◆ About this exercise: For this exercise, copy the records below exactly and exclude every image.

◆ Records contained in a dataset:

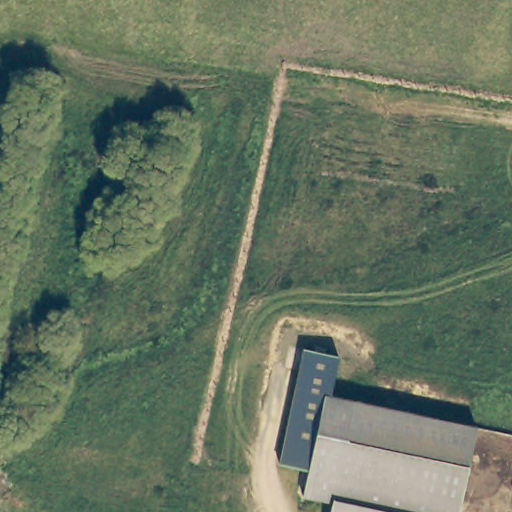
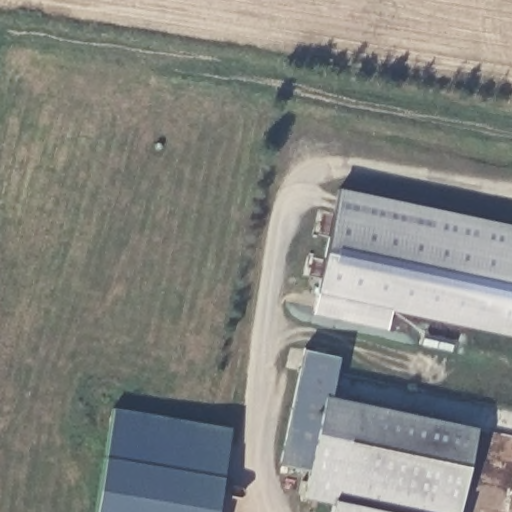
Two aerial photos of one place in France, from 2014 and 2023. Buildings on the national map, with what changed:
new [(391,310),(387,330),(312,314),(339,188),(512,225),(512,337),(391,310)]
unchanged [(341,359),(332,399),(310,474),(275,466),(306,352),(341,359)]
unchanged [(332,399),(478,432),(460,512),(330,512),(332,505),(303,498),(310,474),(332,399)]
new [(95,512),(110,410),(227,429),(215,512),(95,512)]

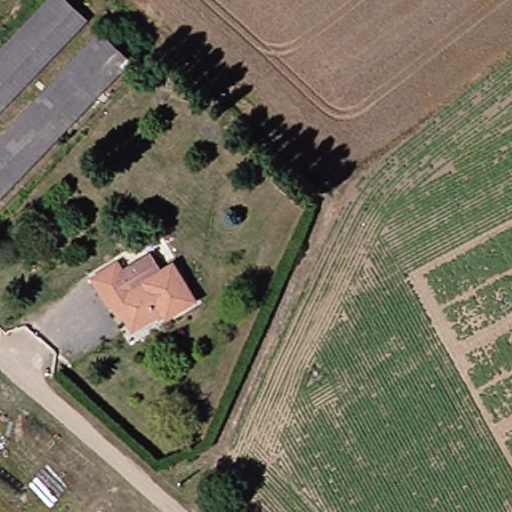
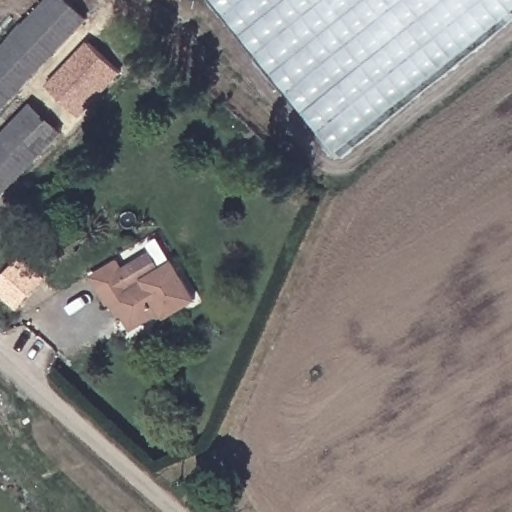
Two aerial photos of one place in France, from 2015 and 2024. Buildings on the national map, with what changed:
unchanged [(0,54),(49,0),(78,0),(93,13),(0,118),(0,54)]
new [(337,153),(214,0),(512,0),(512,14),(337,153)]
unchanged [(0,210),(0,151),(108,30),(135,52),(0,210)]
unchanged [(111,307),(94,280),(114,267),(121,277),(149,260),(159,277),(172,269),(194,305),(169,321),(165,315),(135,333),(116,303),(111,307)]

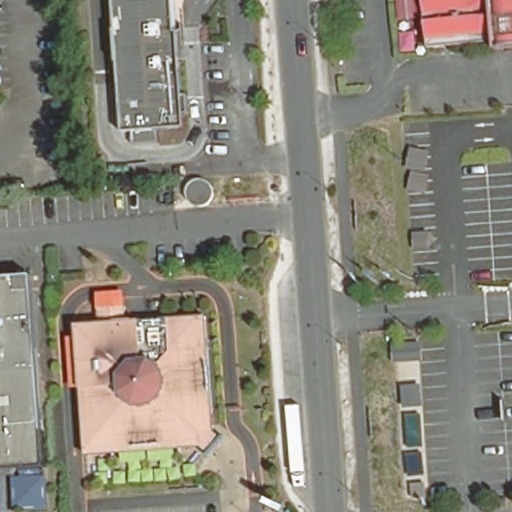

◆ Output of the exercise:
Two aerial photos of one place in France, from 2014 and 2023. Buildings on the national map, with what changed:
new [(391,310),(387,330),(312,314),(339,188),(512,225),(512,337),(391,310)]
unchanged [(341,359),(332,399),(310,474),(275,466),(306,352),(341,359)]
unchanged [(332,399),(478,432),(460,512),(330,512),(332,505),(303,498),(310,474),(332,399)]
new [(95,512),(110,410),(227,429),(215,512),(95,512)]

Two aerial photos of one place in France, from 2015 and 2024. Buildings on the national map, with what changed:
unchanged [(0,54),(49,0),(78,0),(93,13),(0,118),(0,54)]
new [(337,153),(214,0),(512,0),(512,14),(337,153)]
unchanged [(0,210),(0,151),(108,30),(135,52),(0,210)]
unchanged [(111,307),(94,280),(114,267),(121,277),(149,260),(159,277),(172,269),(194,305),(169,321),(165,315),(135,333),(116,303),(111,307)]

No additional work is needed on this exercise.